Percent plan states also have helped shape admissions policies by experimenting with ways to simultaneously keep academic standards high, while ensuring at least the possibility that promising students of all socioeconomic circumstances have a shot at college.
In Florida, the consequences of maintaining high admissions standards at UF were softened by another program, "Bright Futures," which offers tuition reductions of 75 percent — or completely free tuition — depending on completion of AP courses and on SAT or ACT scores.
The effect, says University of Florida political scientist Daniel A. Smith, is to ensure a plentiful supply of top students of all races and ethnicities. "We have really talented minorities — blacks, Latinos, Asian-Americans — because 'One Florida' in combination with 'Bright Futures' has kept a lot of our talented students in the state. We have students who turned down [partial] scholarships to Duke and Harvard because here they're going for free."

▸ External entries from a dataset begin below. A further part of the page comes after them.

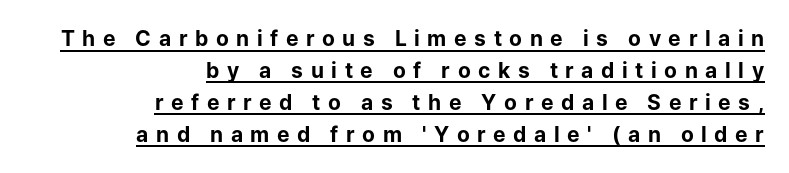
{"italic": "no", "bold": "yes", "underline": "yes", "align": "right", "line_spacing": "normal", "line_spacing_ratio": 1.52, "letter_spacing": "wide", "letter_spacing_em": 0.36, "glyph_px": 21}
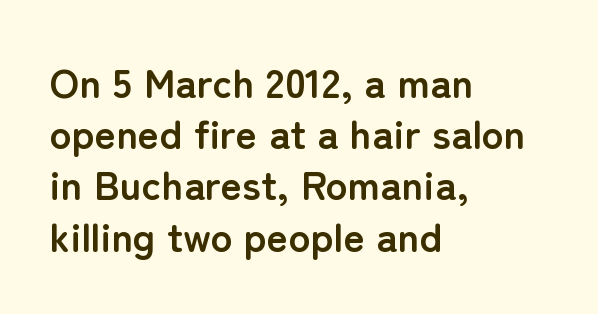
The image shows 41 px semibold sans-serif type, upright; set left-aligned, normal line spacing (1.25x), normal letter spacing, not underlined; low stroke contrast and a medium x-height.
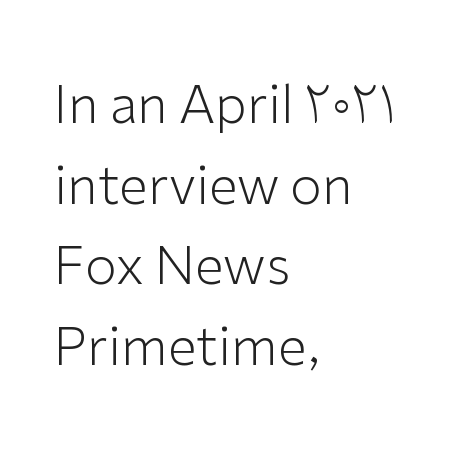
{"serif": "no", "italic": "no", "bold": "no", "weight": "light", "width": "normal", "stroke_contrast": "low", "x_height": "medium", "monospaced": "no", "underline": "no", "align": "left", "line_spacing": "normal", "line_spacing_ratio": 1.55, "letter_spacing": "normal", "letter_spacing_em": 0.0, "glyph_px": 52}
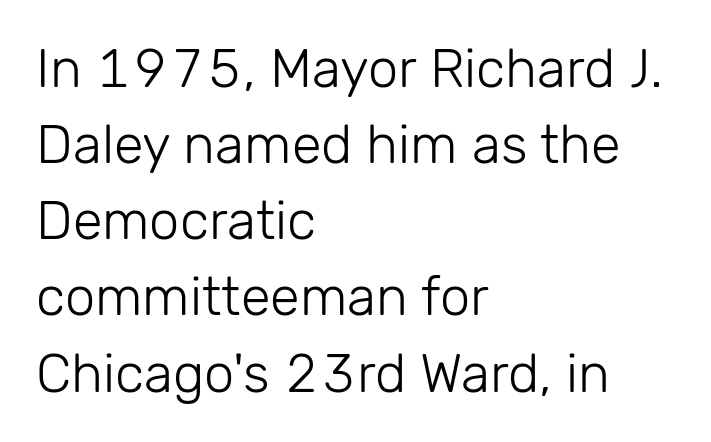
Q: Is the text bold? A: No.
Q: Is the text italic (slanted)? A: No, it is upright.
Q: Is the typeface a serif or a sans-serif typeface? A: Sans-serif.
Q: Is the text underlined? A: No.
Q: How is the paragraph aligned? A: Left-aligned.
Q: Is the spacing between letters normal or unusually wide? A: Normal.
Q: Is the spacing between lines tight, normal or loose? A: Normal.
Q: Width (condensed, normal, or wide)? A: Normal.
Q: Stroke contrast? A: Low.
Q: x-height? A: Medium.
Q: Monospaced? A: No.
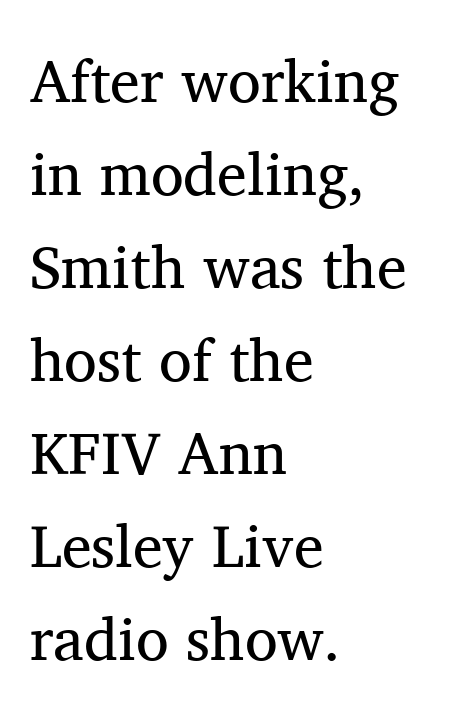
Heft: none added — not bold. The text block is weighted toward the left margin, trailing off unevenly rightward. Yep, those are serifs on the letters. Is this a fixed-width face? No — the glyphs have proportional, varying widths. Tracking here is standard; glyphs follow each other at the usual distance. This block has exactly the height ordinary leading produces.
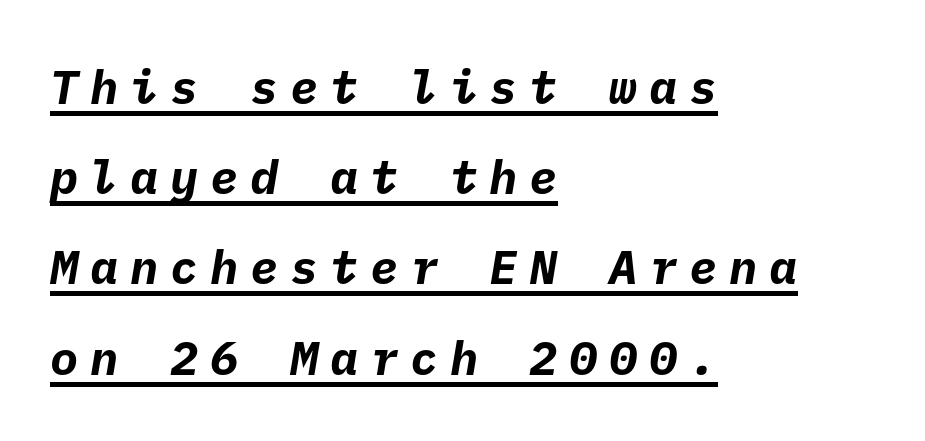
{"serif": "no", "bold": "yes", "weight": "bold", "width": "normal", "stroke_contrast": "low", "x_height": "medium", "underline": "yes", "align": "left", "line_spacing": "loose", "line_spacing_ratio": 1.92, "letter_spacing": "wide", "letter_spacing_em": 0.25, "glyph_px": 47}
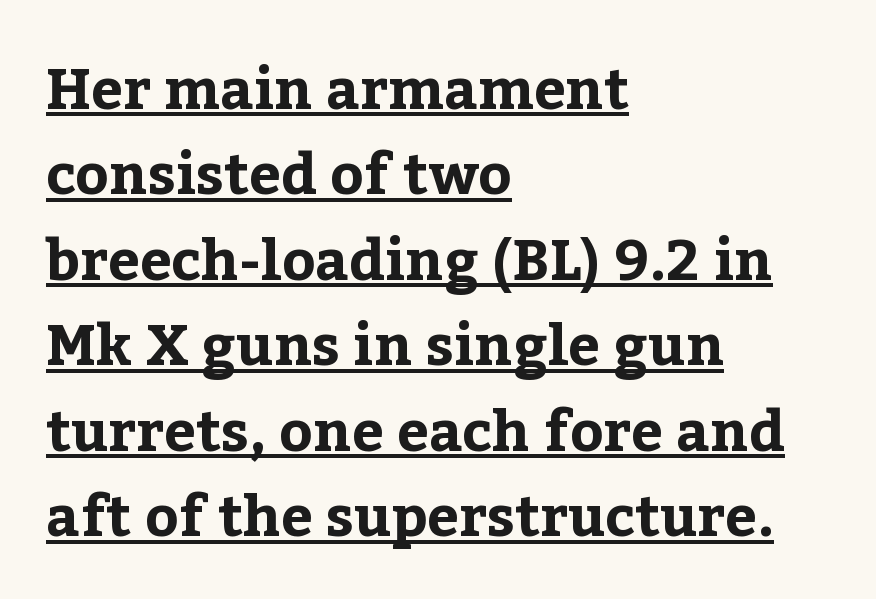
{"serif": "yes", "italic": "no", "bold": "yes", "weight": "bold", "width": "normal", "stroke_contrast": "low", "x_height": "medium", "monospaced": "no", "underline": "yes", "align": "left", "line_spacing": "normal", "line_spacing_ratio": 1.5, "letter_spacing": "normal", "letter_spacing_em": 0.0, "glyph_px": 57}

At UCLA, which also has maintained rigorous admission criteria, recruiters spread out to high schools in low-income areas in an effort to ensure that the school doesn't become an oasis of privilege. The realities of race and class mean that some of that recruiting work takes place in mostly black or Latino high schools.
"It's the fallacy of [Proposition] 209 that you can immediately move to a system that doesn't take account of race and that treats everybody fairly," said Tom Lifka, a UCLA assistant vice chancellor in charge of admissions. He said the new system meets legal standards.
Consciously or not, Lifka was echoing the conclusion of the most thorough analysis of the plans' operations in the three states. The 2003 study, sponsored by Harvard University's Civil Rights Project, concluded that the states had largely succeeded in maintaining racial and ethnic diversity on their campuses.
But the report added that aggressive recruitment, academic aid to high schools in low-income areas and similar measures played a major role.
"Without such support," wrote Catherine L. Horn, an education professor at the University of Houston, and Stella M. Flores, professor of public policy and higher education at Vanderbilt, "the plans are more like empty shells, appearing to promise eligibility, admission and enrollment for previously excluded groups but actually doing very little."